Description
Version
latest master / 4.0.0
What behaviour are you expecting?
I was reproducing the server-client setup via HAL server as in https://github.com/codeplaysoftware/oneapi-construction-kit/tree/main/examples/hal_cpu_remote_server, then I noticed my big kernels are erroring out on (both of) my RISC-V device(s). I am sure the (both) device(s) have sufficient memory, and in fact the allocation takes place as expected.
What actual behaviour are you seeing?
I am seeing the following from the local client (first lines as expected):
$ HAL_REMOTE_PORT=5906 ./test $((1<<25))
Running on ock cpu
Allocated 128 MB
$ HAL_REMOTE_PORT=5906 ./test $((1<<26))
Running on ock cpu
Allocated 256 MB
terminate called after throwing an instance of 'sycl::_V1::runtime_error'
what(): Native API failed. Native API returns: -999 (Unknown PI error) -999 (Unknown PI error)
Aborted (core dumped)
and on the RISC-V server, I get a seg fault shortly as: Segmentation fault (core dumped)
. And after that, attempting to restart the server on the same port, I fail with Unable to start server on requested port 5906, node 127.0.0.1
.
On the other hand, empty kernel, or no kernel at all is OK.
What steps are required to reproduce the bug?

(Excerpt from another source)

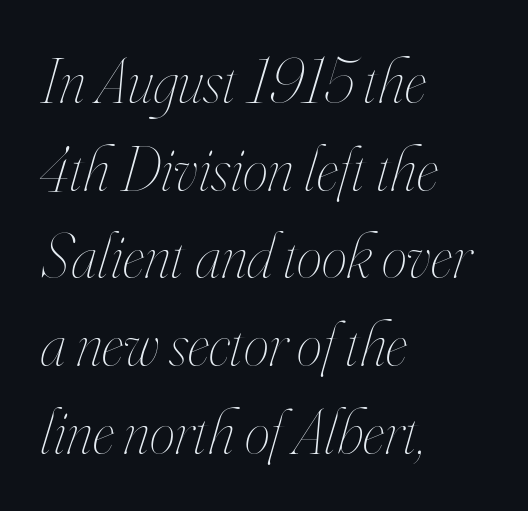
These lines stack with their left ends in a neat column. You could call the tracking neutral — neither tight nor loose. When letters slant like this, we call the style italic. If you measured baseline to baseline, you'd find a middling distance. Rule under the text: the space is simply empty.

To reproduce, on the client side:
#include <sycl/sycl.hpp>
int main(int argc, char **argv) {
unsigned long long len = 1 << 28;
if (argc > 1) {
len = std::stoull(argv[1]);
}
sycl::queue queue(sycl::accelerator_selector_v);
std::cout << "Running on " << queue.get_device().get_info<sycl::info::device::name>() << std::endl;
float *d_a = sycl::malloc_device<float>(len, queue);
queue.wait();
std::cout << "Allocated " << len * sizeof(float) / 1024 / 1024 << " MB" << std::endl;
queue.parallel_for(sycl::range<1>(len), [=](sycl::id<1> idx) {
d_a[idx] = idx;
}).wait();
return 0;
}
On the server, simply listen on a port as usual.
Minimal test case
No response
Anything else we should know?
No response